Twenty-four rats, trained to discriminate 1.0 mg/kg of (+/-)-DOM, i.e. (+/-)-2,5-dimethoxy-4-methylphenylisopropylamine, from saline under a VI-15 schedule of reinforcement, were challenged with a series of DOM homologs. The agents examined included the 4-ethyl (DOET), -propyl (DOPR), -butyl (DOBU), -tertiary butyl (DOTB) and -amyl (DOAM) derivatives as well as the R(-)- and S(+)-isomers of DOET. The (+/-)-DOM stimulus was found to generalize to all of the agents, except DOTB and DOAM, where only partial generalization occurred. The results suggest that the stimulus properties produced by the latter two compounds may differ from those of the remainder of the series. Furthermore, the ED50 values obtained, for those compounds to which the DOM-stimulus generalized, correlated significantly (r2 = 0.94) with the human hallucinogenic potencies of these agents.

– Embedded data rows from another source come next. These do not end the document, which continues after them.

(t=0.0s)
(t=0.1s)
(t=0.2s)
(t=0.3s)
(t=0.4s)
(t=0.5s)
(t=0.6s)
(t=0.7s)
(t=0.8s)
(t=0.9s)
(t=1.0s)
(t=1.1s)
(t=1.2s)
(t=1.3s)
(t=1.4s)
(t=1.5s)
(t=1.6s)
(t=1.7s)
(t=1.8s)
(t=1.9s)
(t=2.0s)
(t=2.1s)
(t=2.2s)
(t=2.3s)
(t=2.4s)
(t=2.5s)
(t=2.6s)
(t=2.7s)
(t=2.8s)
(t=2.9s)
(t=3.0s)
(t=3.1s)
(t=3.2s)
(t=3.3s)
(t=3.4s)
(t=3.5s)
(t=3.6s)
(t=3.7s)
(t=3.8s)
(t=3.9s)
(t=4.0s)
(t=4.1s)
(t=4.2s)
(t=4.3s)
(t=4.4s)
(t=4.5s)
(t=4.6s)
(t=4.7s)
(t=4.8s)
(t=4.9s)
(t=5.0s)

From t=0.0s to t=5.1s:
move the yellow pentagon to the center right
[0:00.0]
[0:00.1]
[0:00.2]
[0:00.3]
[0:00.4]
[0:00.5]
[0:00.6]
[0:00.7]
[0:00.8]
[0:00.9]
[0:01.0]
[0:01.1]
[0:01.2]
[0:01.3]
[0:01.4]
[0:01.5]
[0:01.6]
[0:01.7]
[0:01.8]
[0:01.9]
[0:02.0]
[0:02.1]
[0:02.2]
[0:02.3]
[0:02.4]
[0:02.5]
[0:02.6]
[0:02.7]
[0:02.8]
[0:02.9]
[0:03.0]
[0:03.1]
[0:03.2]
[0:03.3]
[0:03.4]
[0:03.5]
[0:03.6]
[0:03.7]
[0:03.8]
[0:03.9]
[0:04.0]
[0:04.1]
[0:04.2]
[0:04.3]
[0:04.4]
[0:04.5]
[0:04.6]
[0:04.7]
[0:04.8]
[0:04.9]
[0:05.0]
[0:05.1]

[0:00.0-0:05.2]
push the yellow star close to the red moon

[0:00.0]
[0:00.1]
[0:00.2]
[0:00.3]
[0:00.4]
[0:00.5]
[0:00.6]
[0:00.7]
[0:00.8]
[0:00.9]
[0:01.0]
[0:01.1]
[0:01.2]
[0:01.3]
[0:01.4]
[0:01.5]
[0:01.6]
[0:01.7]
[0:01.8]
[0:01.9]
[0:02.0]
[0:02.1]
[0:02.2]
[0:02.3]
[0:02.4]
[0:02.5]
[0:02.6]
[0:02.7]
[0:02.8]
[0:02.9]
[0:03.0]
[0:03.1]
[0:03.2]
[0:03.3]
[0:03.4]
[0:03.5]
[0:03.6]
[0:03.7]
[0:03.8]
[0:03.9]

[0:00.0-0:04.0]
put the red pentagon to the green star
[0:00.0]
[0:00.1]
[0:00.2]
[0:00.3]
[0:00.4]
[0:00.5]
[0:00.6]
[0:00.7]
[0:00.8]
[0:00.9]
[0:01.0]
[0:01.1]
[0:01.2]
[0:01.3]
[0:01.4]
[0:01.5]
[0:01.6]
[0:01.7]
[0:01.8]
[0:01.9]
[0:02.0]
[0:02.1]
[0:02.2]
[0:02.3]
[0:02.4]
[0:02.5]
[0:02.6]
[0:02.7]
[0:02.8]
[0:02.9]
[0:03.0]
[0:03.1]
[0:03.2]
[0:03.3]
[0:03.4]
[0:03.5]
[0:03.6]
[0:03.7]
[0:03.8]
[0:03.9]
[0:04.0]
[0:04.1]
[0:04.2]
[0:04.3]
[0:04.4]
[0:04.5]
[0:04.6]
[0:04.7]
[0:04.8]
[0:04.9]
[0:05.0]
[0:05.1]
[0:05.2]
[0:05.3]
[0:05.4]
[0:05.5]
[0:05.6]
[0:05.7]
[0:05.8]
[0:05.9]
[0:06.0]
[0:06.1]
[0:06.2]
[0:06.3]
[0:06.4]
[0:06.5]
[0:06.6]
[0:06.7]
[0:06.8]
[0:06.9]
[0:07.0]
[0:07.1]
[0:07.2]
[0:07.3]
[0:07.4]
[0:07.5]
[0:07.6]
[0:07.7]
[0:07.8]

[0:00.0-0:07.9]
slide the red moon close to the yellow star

24只经过训练,能在固定间隔15秒强化程序下从盐水中辨别出1.0毫克/千克(±)-DOM(即(±)-2,5-二甲氧基-4-甲基苯异丙胺)的大鼠,接受了一系列DOM同系物的挑战。所检测的药物包括4-乙基(DOET)、-丙基(DOPR)、-丁基(DOBU)、-叔丁基(DOTB)和-戊基(DOAM)衍生物,以及DOET的R(-)-和S(+)-异构体。发现(±)-DOM刺激能泛化到所有药物,但DOTB和DOAM除外,在DOTB和DOAM中仅出现部分泛化。结果表明,后两种化合物产生的刺激特性可能与该系列其余化合物不同。此外,对于DOM刺激能泛化的那些化合物,所获得的半数有效剂量(ED50)值与这些药物的人体致幻效力显著相关(r2 = 0.94)。